Company's gaming division to limit spending, shift budget away from unlicensed titles

With no end in sight to China's game approval freeze, Tencent continues to struggle against growing profit drops. To weather the storm, now it seems the Chinese gaming giant will undergo budget cuts to games that haven't made it through the licensing process.

Bloomberg reports that Tencent informed marketing executives of the budget decrease a few days ago via a letter asking them to keep a close eye on cash flow and keep spending in check so they can "endure the hard times together." In practice, this means for example that unlicensed games will need to return any unspent marketing money to Tencent as a whole to be used elsewhere.
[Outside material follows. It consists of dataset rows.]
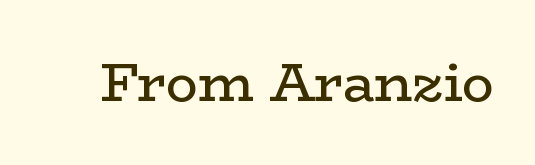
Characters follow at the spacing the type designer built in. Note the varied advance widths — an 'i' is clearly narrower than an 'm'. This is serif lettering, the kind often seen in printed books. In terms of posture, this sample is upright. Type without underlining.
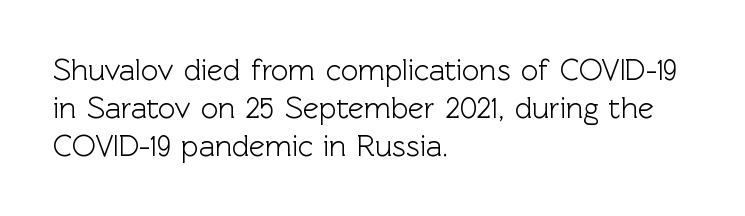
{"serif": "no", "italic": "no", "width": "normal", "x_height": "medium", "monospaced": "no", "underline": "no", "align": "left", "line_spacing": "normal", "line_spacing_ratio": 1.26, "letter_spacing": "normal", "letter_spacing_em": 0.0, "glyph_px": 30}
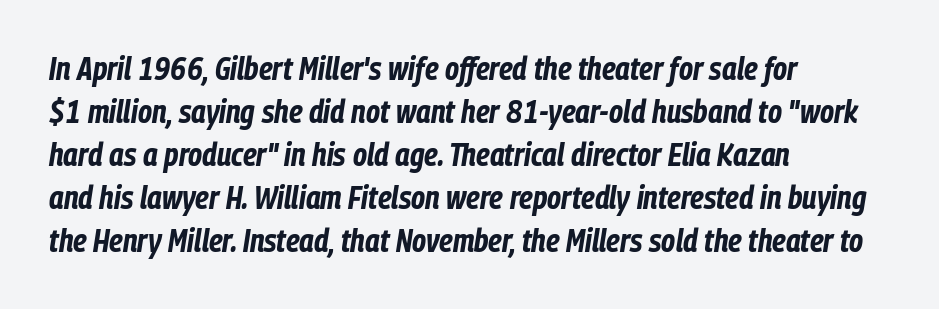
Pretty heavy lettering here — definitely bold. Designer's note — italics engaged. Line beginnings align vertically; line endings do not. Decoration check: the copy has no underline.
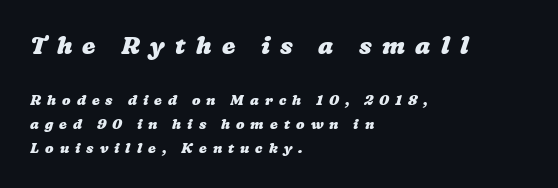
{"bold": "yes", "underline": "no", "align": "left", "line_spacing_ratio": 1.73, "letter_spacing": "wide", "letter_spacing_em": 0.43, "larger_block": "first", "size_ratio": 1.71, "glyph_px": 24}
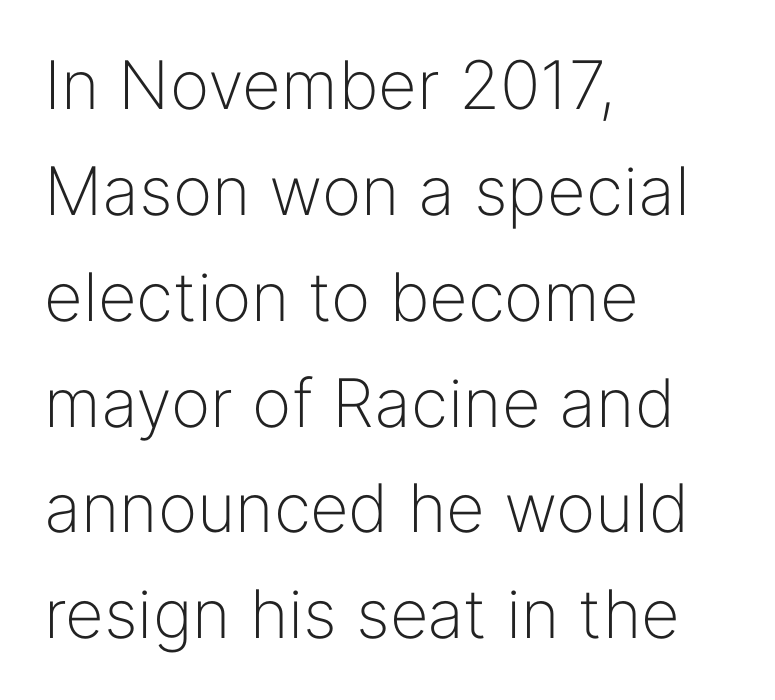
Q: Is the text bold? A: No.
Q: Is the text italic (slanted)? A: No, it is upright.
Q: Is the typeface a serif or a sans-serif typeface? A: Sans-serif.
Q: Is the text underlined? A: No.
Q: How is the paragraph aligned? A: Left-aligned.
Q: Is the spacing between letters normal or unusually wide? A: Normal.
Q: Is the spacing between lines tight, normal or loose? A: Normal.
Q: Width (condensed, normal, or wide)? A: Normal.
Q: Stroke contrast? A: Low.
Q: x-height? A: Medium.
Q: Monospaced? A: No.
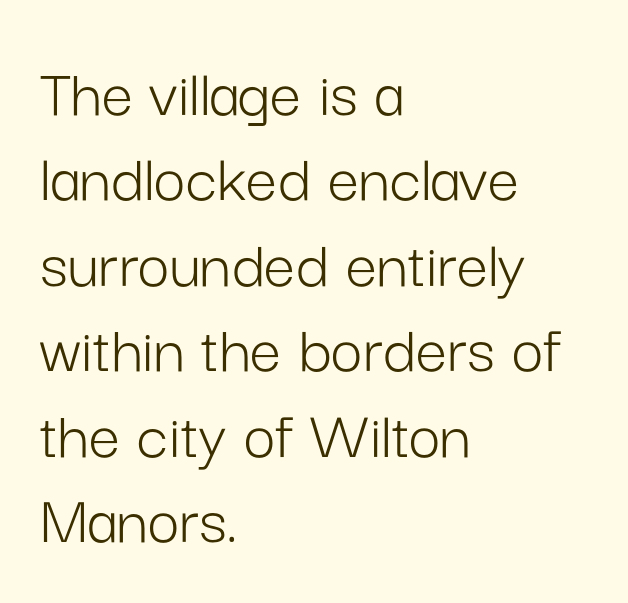
Every stem runs plumb, perpendicular to the baseline. Heaviness? Minimal to ordinary, like unemphasized prose. Note the varied advance widths — an 'i' is clearly narrower than an 'm'. No extra tracking has been applied to these lines. Alignment: flush left.
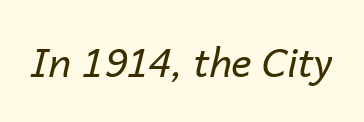
Q: Is the text bold? A: No.
Q: Is the text italic (slanted)? A: Yes, it leans right by about 14 degrees.
Q: Is the text underlined? A: No.
Q: Is the spacing between letters normal or unusually wide? A: Normal.
Q: Width (condensed, normal, or wide)? A: Normal.
Q: Stroke contrast? A: Low.
Q: x-height? A: Medium.
Q: Monospaced? A: No.
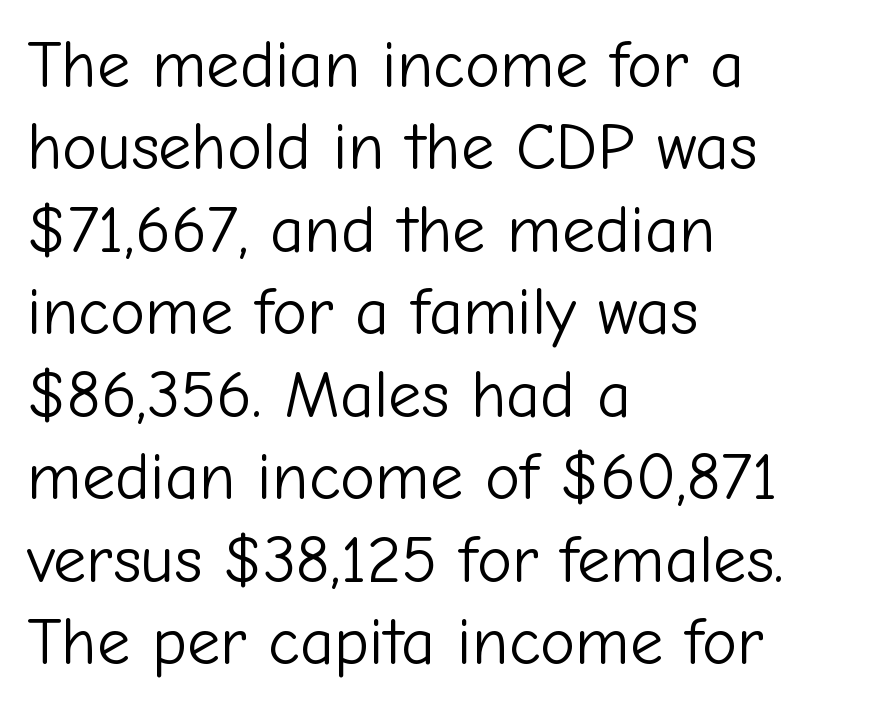
{"serif": "no", "italic": "no", "bold": "no", "weight": "light", "width": "normal", "stroke_contrast": "low", "x_height": "medium", "monospaced": "no", "underline": "no", "align": "left", "line_spacing": "normal", "line_spacing_ratio": 1.25, "letter_spacing": "normal", "letter_spacing_em": 0.0, "glyph_px": 66}
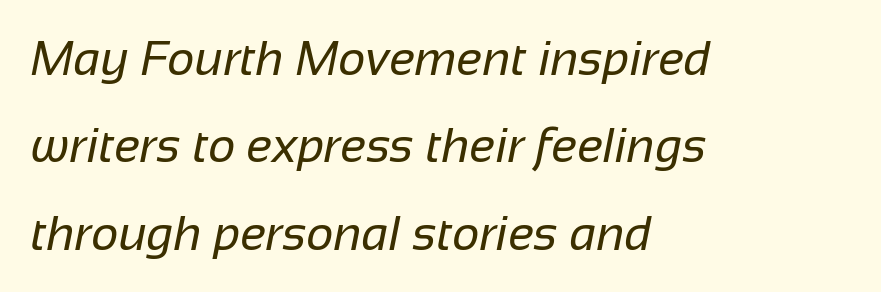
{"serif": "no", "bold": "no", "weight": "regular", "width": "normal", "stroke_contrast": "low", "x_height": "medium", "monospaced": "no", "underline": "no", "align": "left", "line_spacing_ratio": 1.82, "letter_spacing": "normal", "letter_spacing_em": 0.0, "glyph_px": 48}

Those unlicensed games represent the vast majority of Tencent's budget troubles. Due a freeze on game licenses being issued in China by the government apparently due to concerns about child myopia, hardly any games have been approved for release in the country since April. Until recently, there was hope of some approvals for companies like Tencent through a special "green channel," but that too has been closed.

As a result of the freeze, the Chinese game market has slowed considerably, a change that's beginning to have an effect on the international industry as well. Tencent in particular has been struggling, seeing a loss of $190 billion in market value as of early October and undergoing a major restructure to focus on other technological trends and revenue sources.

It is unknown when the freeze will be lifted, though some analysts have said it could last as late as March 2019.